* What needs to be done *
For every record that follows, write out the text exactly and omit the picture, if one is present.

* Data shown *
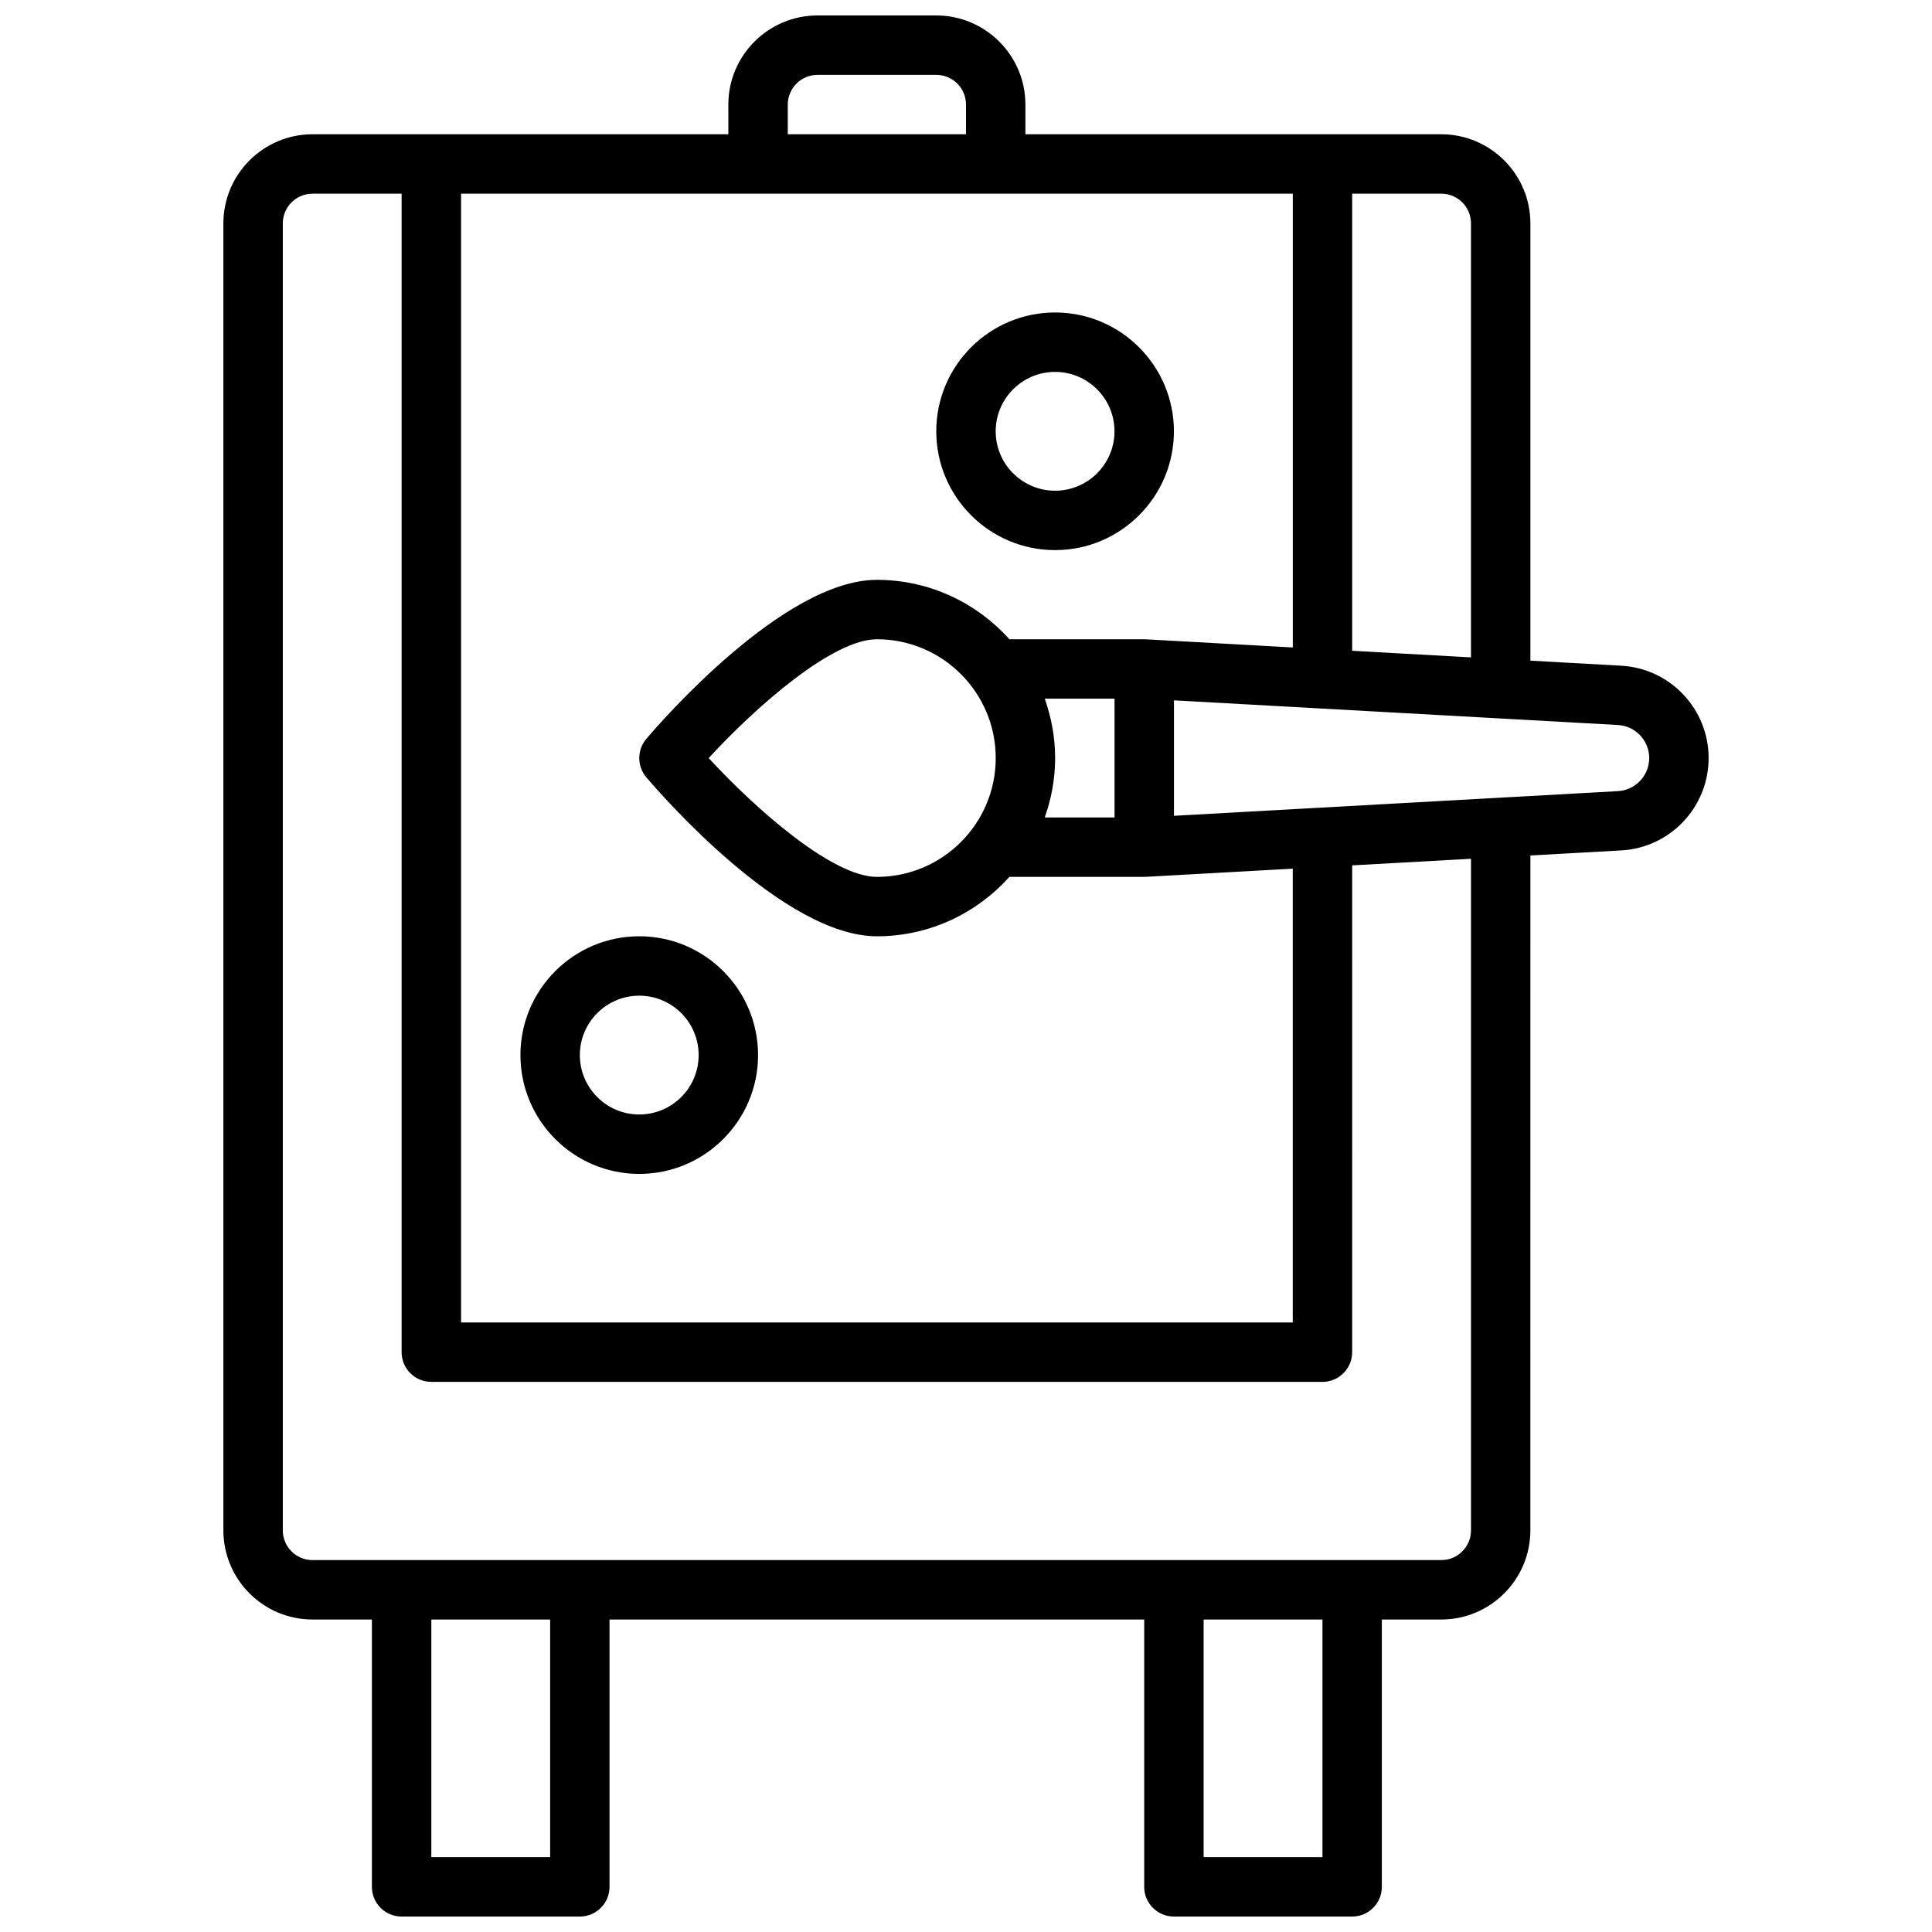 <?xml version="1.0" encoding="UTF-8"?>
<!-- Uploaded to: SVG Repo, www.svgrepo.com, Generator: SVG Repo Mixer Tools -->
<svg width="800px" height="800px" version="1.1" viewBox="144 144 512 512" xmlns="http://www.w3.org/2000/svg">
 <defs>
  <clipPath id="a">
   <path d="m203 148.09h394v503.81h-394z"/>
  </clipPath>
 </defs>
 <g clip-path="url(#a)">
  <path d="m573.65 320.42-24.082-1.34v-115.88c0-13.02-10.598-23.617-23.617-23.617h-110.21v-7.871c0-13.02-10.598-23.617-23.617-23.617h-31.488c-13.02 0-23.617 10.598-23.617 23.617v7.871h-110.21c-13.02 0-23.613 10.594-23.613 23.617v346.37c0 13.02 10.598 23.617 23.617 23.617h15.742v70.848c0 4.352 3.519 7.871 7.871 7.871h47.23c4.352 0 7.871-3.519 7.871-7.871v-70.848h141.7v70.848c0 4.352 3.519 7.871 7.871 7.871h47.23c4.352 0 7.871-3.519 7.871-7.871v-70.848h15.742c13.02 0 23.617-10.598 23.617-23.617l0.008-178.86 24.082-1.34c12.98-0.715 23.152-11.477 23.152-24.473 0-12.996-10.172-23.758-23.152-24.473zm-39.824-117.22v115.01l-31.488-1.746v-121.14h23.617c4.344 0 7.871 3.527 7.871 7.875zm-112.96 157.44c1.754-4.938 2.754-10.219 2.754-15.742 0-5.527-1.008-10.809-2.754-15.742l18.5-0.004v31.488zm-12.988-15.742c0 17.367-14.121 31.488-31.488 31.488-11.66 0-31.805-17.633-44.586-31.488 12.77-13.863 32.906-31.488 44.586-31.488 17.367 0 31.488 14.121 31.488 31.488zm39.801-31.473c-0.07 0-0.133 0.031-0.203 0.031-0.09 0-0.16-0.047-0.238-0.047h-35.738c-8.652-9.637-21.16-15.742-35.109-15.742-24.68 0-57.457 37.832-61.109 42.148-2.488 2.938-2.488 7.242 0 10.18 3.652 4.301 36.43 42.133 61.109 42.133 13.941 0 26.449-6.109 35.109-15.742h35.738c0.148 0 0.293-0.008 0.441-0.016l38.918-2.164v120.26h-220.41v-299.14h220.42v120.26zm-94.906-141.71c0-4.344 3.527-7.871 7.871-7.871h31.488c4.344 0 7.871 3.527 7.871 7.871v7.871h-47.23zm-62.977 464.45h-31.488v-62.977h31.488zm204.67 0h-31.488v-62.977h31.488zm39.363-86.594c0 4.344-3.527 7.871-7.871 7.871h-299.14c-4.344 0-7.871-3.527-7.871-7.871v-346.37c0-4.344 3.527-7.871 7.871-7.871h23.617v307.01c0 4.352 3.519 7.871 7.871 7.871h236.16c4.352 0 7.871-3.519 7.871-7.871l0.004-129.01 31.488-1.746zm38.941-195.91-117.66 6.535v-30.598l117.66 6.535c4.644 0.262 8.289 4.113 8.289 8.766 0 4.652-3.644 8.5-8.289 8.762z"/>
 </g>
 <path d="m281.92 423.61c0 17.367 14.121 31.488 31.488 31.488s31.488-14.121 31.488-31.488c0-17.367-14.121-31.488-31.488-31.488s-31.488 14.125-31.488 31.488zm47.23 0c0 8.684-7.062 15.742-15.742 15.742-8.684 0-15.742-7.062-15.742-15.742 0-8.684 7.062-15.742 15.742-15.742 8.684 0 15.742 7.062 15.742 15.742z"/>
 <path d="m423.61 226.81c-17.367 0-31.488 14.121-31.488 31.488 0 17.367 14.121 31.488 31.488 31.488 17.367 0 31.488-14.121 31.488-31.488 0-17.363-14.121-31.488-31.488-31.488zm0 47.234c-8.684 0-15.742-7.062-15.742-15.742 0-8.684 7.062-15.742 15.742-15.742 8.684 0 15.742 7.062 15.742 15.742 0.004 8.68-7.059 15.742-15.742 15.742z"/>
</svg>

* Completed task *
 <?xml version="1.0" encoding="UTF-8"?>
<!-- Uploaded to: SVG Repo, www.svgrepo.com, Generator: SVG Repo Mixer Tools -->
<svg width="800px" height="800px" version="1.1" viewBox="144 144 512 512" xmlns="http://www.w3.org/2000/svg">
 <defs>
  <clipPath id="a">
   <path d="m203 148.09h394v503.81h-394z"/>
  </clipPath>
 </defs>
 <g clip-path="url(#a)">
  <path d="m573.65 320.42-24.082-1.34v-115.88c0-13.02-10.598-23.617-23.617-23.617h-110.21v-7.871c0-13.02-10.598-23.617-23.617-23.617h-31.488c-13.02 0-23.617 10.598-23.617 23.617v7.871h-110.21c-13.02 0-23.613 10.594-23.613 23.617v346.37c0 13.02 10.598 23.617 23.617 23.617h15.742v70.848c0 4.352 3.519 7.871 7.871 7.871h47.23c4.352 0 7.871-3.519 7.871-7.871v-70.848h141.7v70.848c0 4.352 3.519 7.871 7.871 7.871h47.23c4.352 0 7.871-3.519 7.871-7.871v-70.848h15.742c13.02 0 23.617-10.598 23.617-23.617l0.008-178.86 24.082-1.34c12.98-0.715 23.152-11.477 23.152-24.473 0-12.996-10.172-23.758-23.152-24.473zm-39.824-117.22v115.01l-31.488-1.746v-121.14h23.617c4.344 0 7.871 3.527 7.871 7.875zm-112.96 157.44c1.754-4.938 2.754-10.219 2.754-15.742 0-5.527-1.008-10.809-2.754-15.742l18.5-0.004v31.488zm-12.988-15.742c0 17.367-14.121 31.488-31.488 31.488-11.66 0-31.805-17.633-44.586-31.488 12.77-13.863 32.906-31.488 44.586-31.488 17.367 0 31.488 14.121 31.488 31.488zm39.801-31.473c-0.07 0-0.133 0.031-0.203 0.031-0.09 0-0.16-0.047-0.238-0.047h-35.738c-8.652-9.637-21.16-15.742-35.109-15.742-24.68 0-57.457 37.832-61.109 42.148-2.488 2.938-2.488 7.242 0 10.18 3.652 4.301 36.43 42.133 61.109 42.133 13.941 0 26.449-6.109 35.109-15.742h35.738c0.148 0 0.293-0.008 0.441-0.016l38.918-2.164v120.26h-220.41v-299.14h220.42v120.26zm-94.906-141.71c0-4.344 3.527-7.871 7.871-7.871h31.488c4.344 0 7.871 3.527 7.871 7.871v7.871h-47.23zm-62.977 464.45h-31.488v-62.977h31.488zm204.67 0h-31.488v-62.977h31.488zm39.363-86.594c0 4.344-3.527 7.871-7.871 7.871h-299.14c-4.344 0-7.871-3.527-7.871-7.871v-346.37c0-4.344 3.527-7.871 7.871-7.871h23.617v307.01c0 4.352 3.519 7.871 7.871 7.871h236.16c4.352 0 7.871-3.519 7.871-7.871l0.004-129.01 31.488-1.746zm38.941-195.91-117.66 6.535v-30.598l117.66 6.535c4.644 0.262 8.289 4.113 8.289 8.766 0 4.652-3.644 8.5-8.289 8.762z"/>
 </g>
 <path d="m281.92 423.61c0 17.367 14.121 31.488 31.488 31.488s31.488-14.121 31.488-31.488c0-17.367-14.121-31.488-31.488-31.488s-31.488 14.125-31.488 31.488zm47.23 0c0 8.684-7.062 15.742-15.742 15.742-8.684 0-15.742-7.062-15.742-15.742 0-8.684 7.062-15.742 15.742-15.742 8.684 0 15.742 7.062 15.742 15.742z"/>
 <path d="m423.61 226.81c-17.367 0-31.488 14.121-31.488 31.488 0 17.367 14.121 31.488 31.488 31.488 17.367 0 31.488-14.121 31.488-31.488 0-17.363-14.121-31.488-31.488-31.488zm0 47.234c-8.684 0-15.742-7.062-15.742-15.742 0-8.684 7.062-15.742 15.742-15.742 8.684 0 15.742 7.062 15.742 15.742 0.004 8.68-7.059 15.742-15.742 15.742z"/>
</svg>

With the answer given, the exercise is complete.